> **Exercise directions**
Find "내가 아무 감동이 없는데" below and begin at its line; stop after the line with "podeljeval koncesije. Ker". Output those lines exactly, without pictures.

> **Data in this exercise**

++++++++

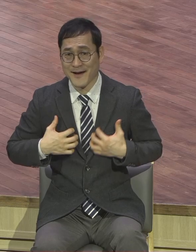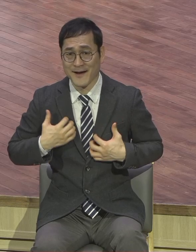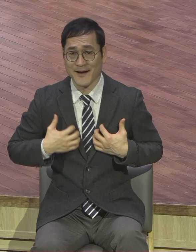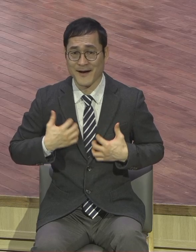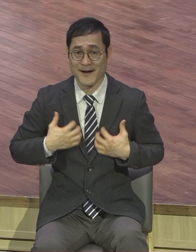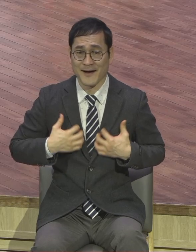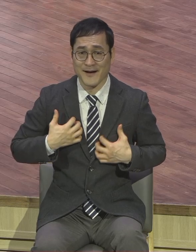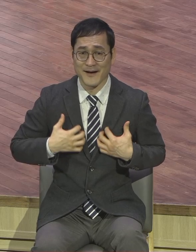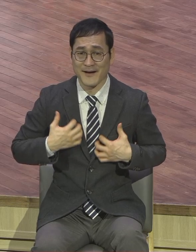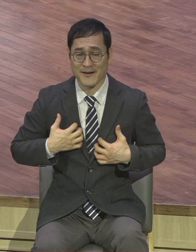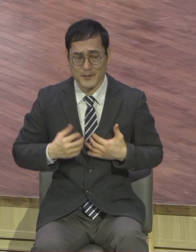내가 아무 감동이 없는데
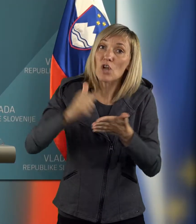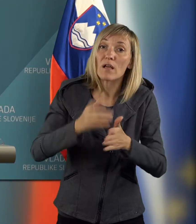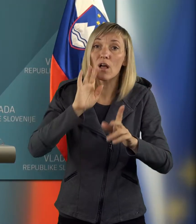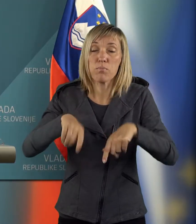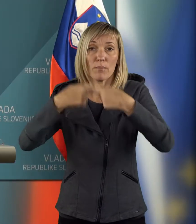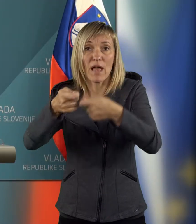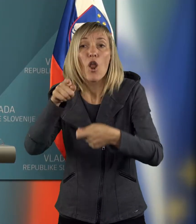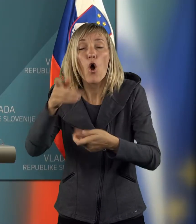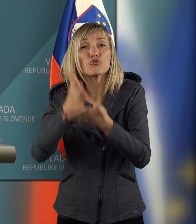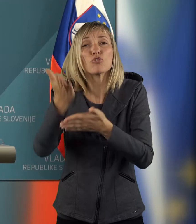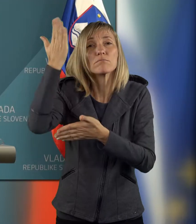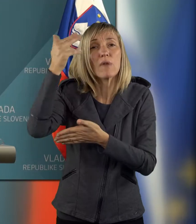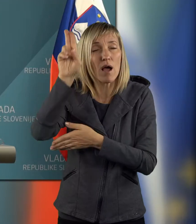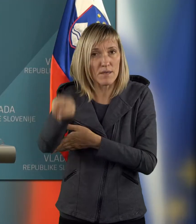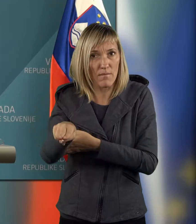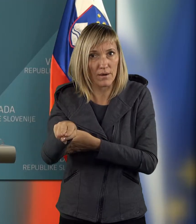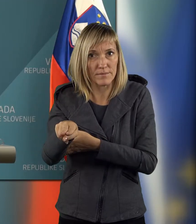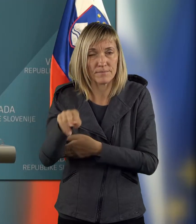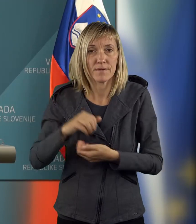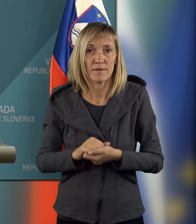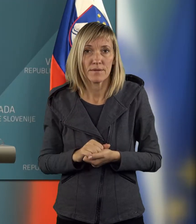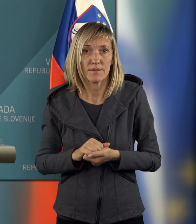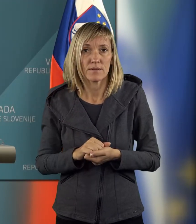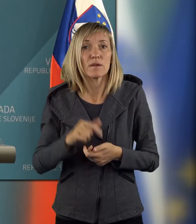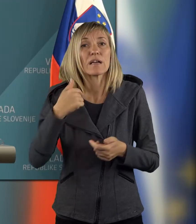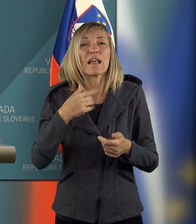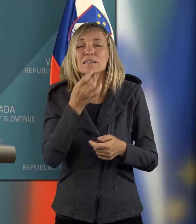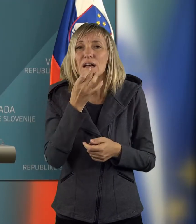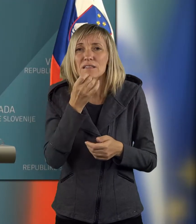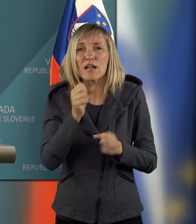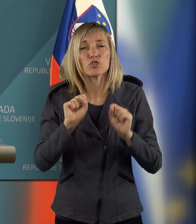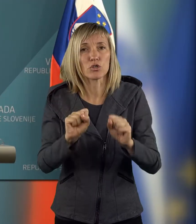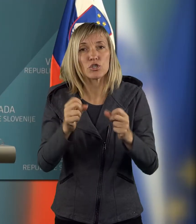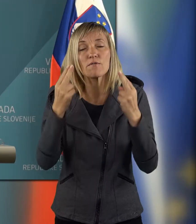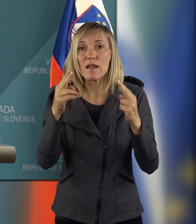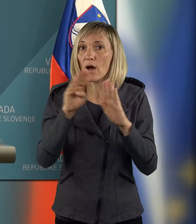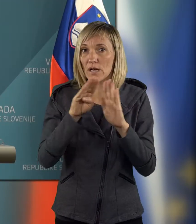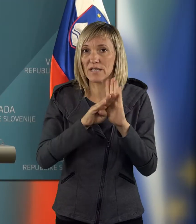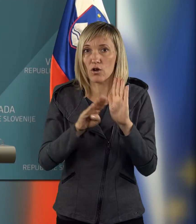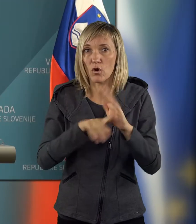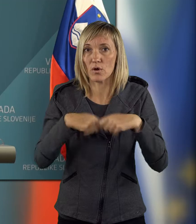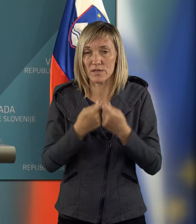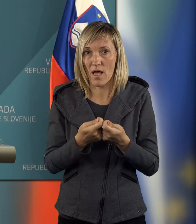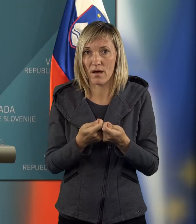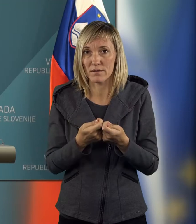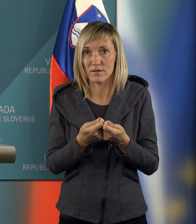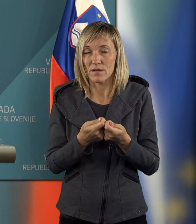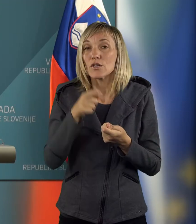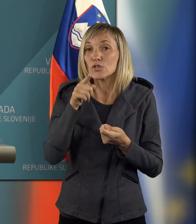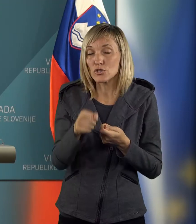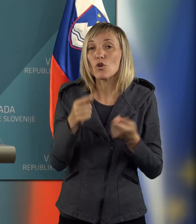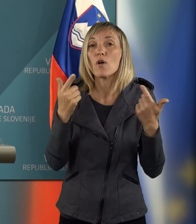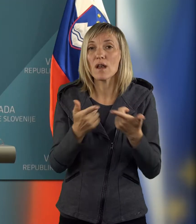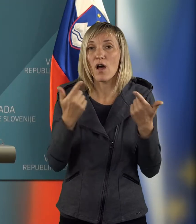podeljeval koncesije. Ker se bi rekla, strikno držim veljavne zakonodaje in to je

++++++++

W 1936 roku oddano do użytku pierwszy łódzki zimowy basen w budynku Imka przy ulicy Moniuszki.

++++++++

> **Exercise answer**
내가 아무 감동이 없는데
podeljeval koncesije. Ker se bi rekla, strikno držim veljavne zakonodaje in to je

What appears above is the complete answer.